*** Opening of Records shown ***

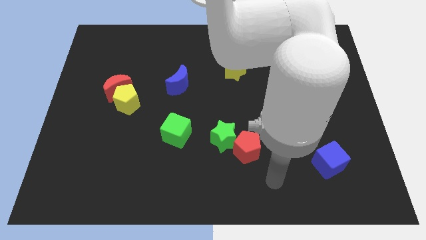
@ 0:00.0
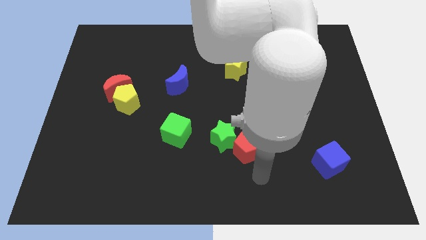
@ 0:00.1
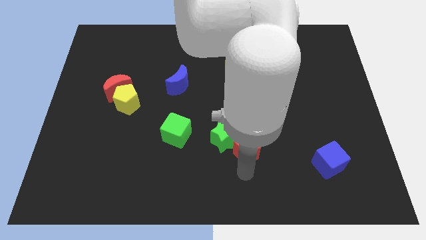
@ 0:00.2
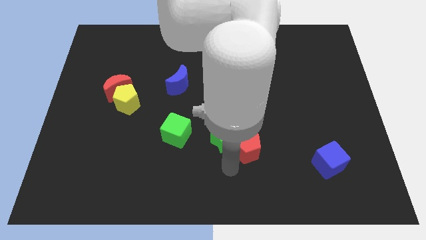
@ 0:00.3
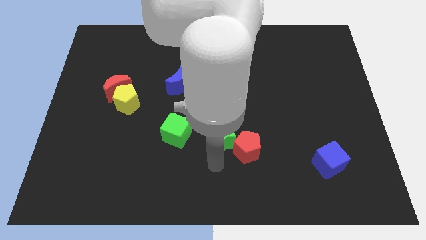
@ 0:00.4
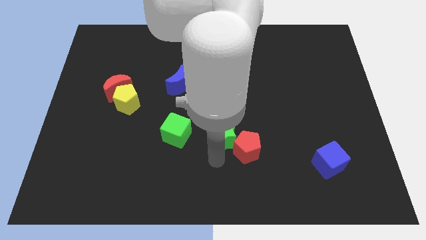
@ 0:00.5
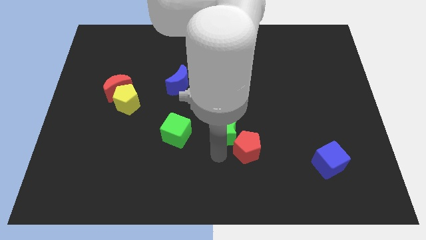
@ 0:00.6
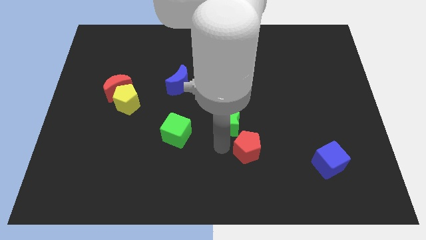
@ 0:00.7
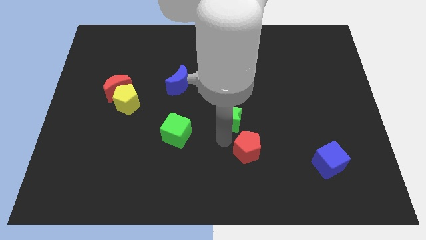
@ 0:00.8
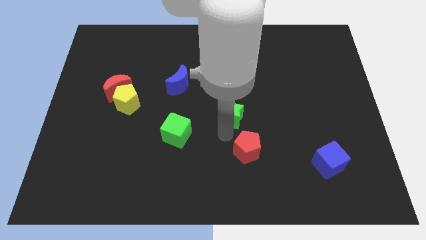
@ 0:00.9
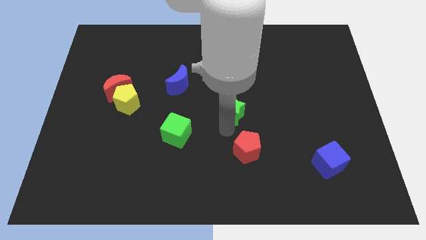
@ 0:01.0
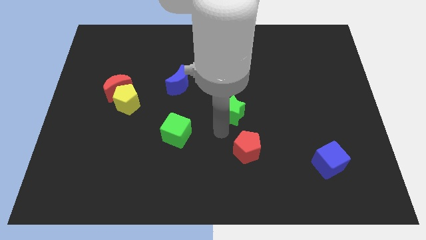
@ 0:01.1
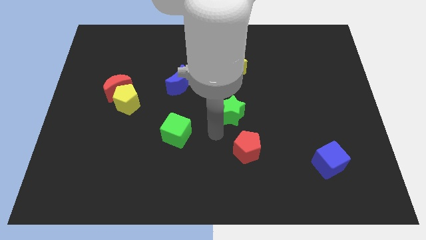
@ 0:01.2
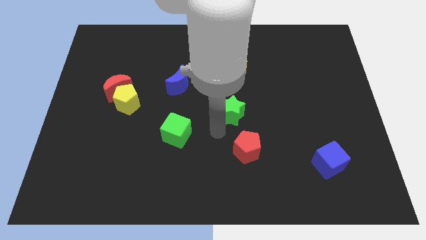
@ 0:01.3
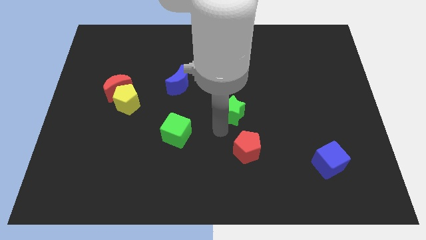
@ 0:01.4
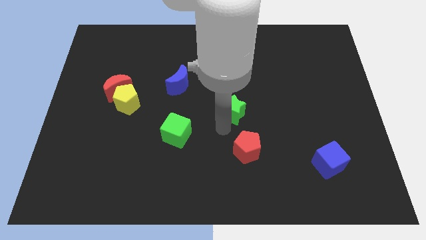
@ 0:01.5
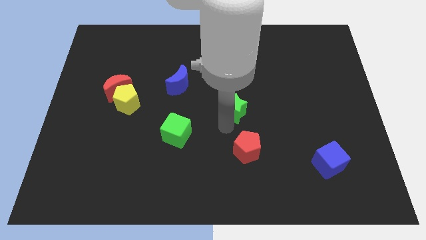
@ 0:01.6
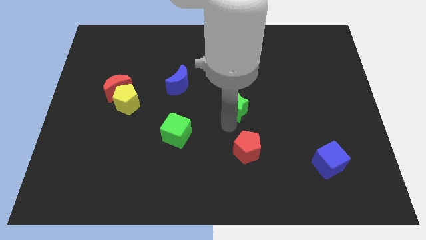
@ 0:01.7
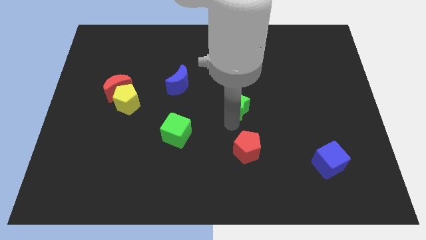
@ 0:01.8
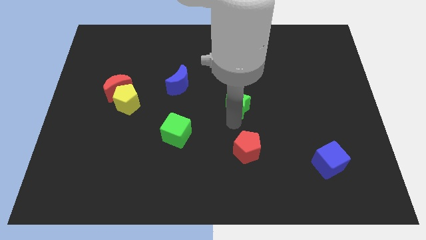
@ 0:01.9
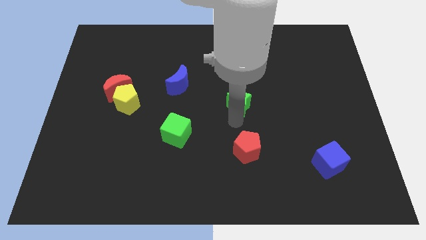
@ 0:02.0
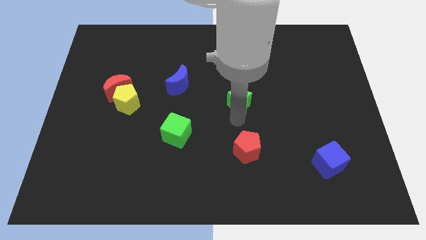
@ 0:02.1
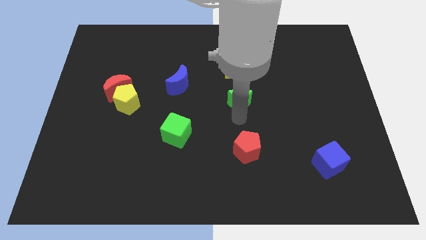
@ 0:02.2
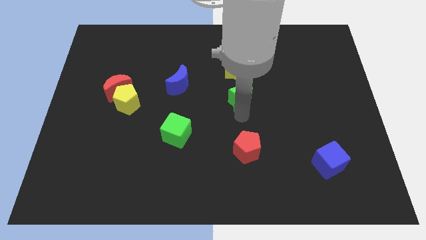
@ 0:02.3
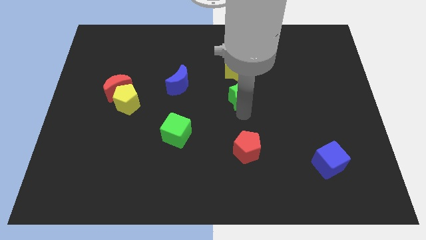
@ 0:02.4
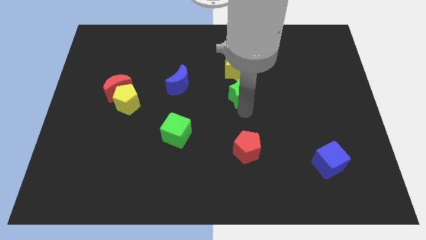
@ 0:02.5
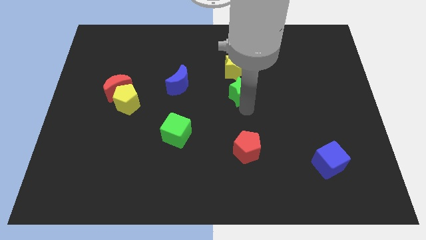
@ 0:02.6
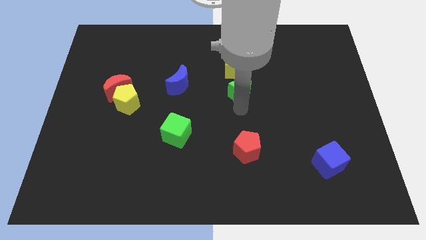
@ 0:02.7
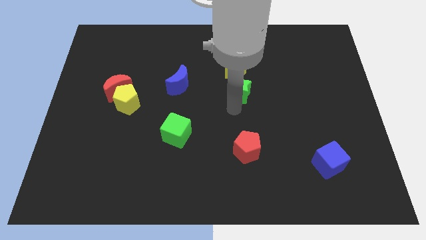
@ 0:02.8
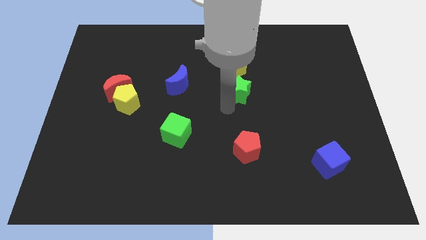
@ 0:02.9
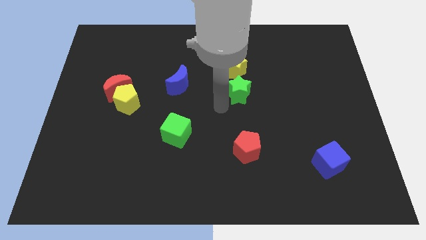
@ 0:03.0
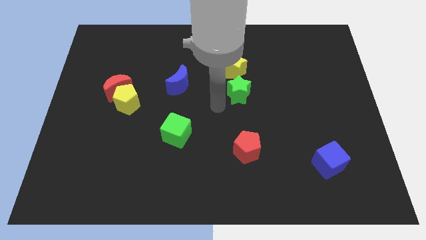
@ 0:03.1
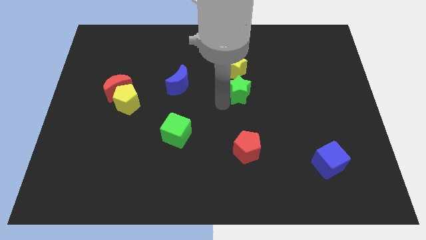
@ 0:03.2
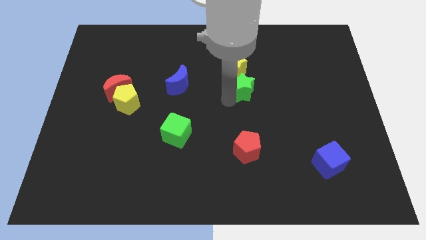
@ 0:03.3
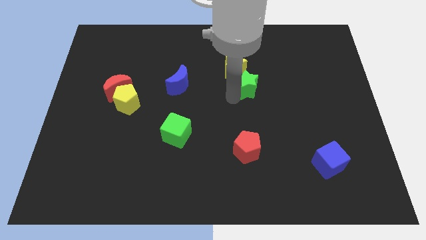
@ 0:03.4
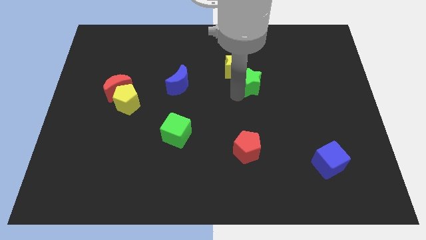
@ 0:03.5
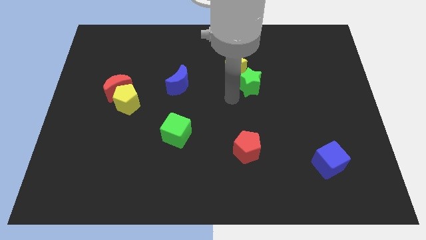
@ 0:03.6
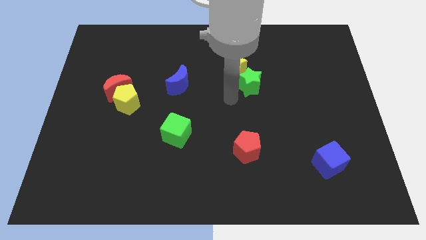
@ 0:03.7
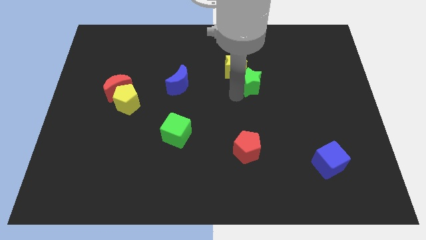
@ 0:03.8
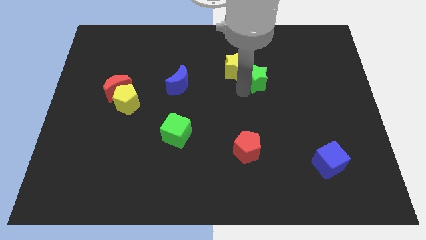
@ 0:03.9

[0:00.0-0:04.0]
put the green star to the right side of the yellow star

*** Close of Records shown ***

▸ **Goal of the exercise**: Write the records out again verbatim and omit the pictures they contain.

▸ **Solved exercise**:
@ 0:00.0
@ 0:00.1
@ 0:00.2
@ 0:00.3
@ 0:00.4
@ 0:00.5
@ 0:00.6
@ 0:00.7
@ 0:00.8
@ 0:00.9
@ 0:01.0
@ 0:01.1
@ 0:01.2
@ 0:01.3
@ 0:01.4
@ 0:01.5
@ 0:01.6
@ 0:01.7
@ 0:01.8
@ 0:01.9
@ 0:02.0
@ 0:02.1
@ 0:02.2
@ 0:02.3
@ 0:02.4
@ 0:02.5
@ 0:02.6
@ 0:02.7
@ 0:02.8
@ 0:02.9
@ 0:03.0
@ 0:03.1
@ 0:03.2
@ 0:03.3
@ 0:03.4
@ 0:03.5
@ 0:03.6
@ 0:03.7
@ 0:03.8
@ 0:03.9

[0:00.0-0:04.0]
put the green star to the right side of the yellow star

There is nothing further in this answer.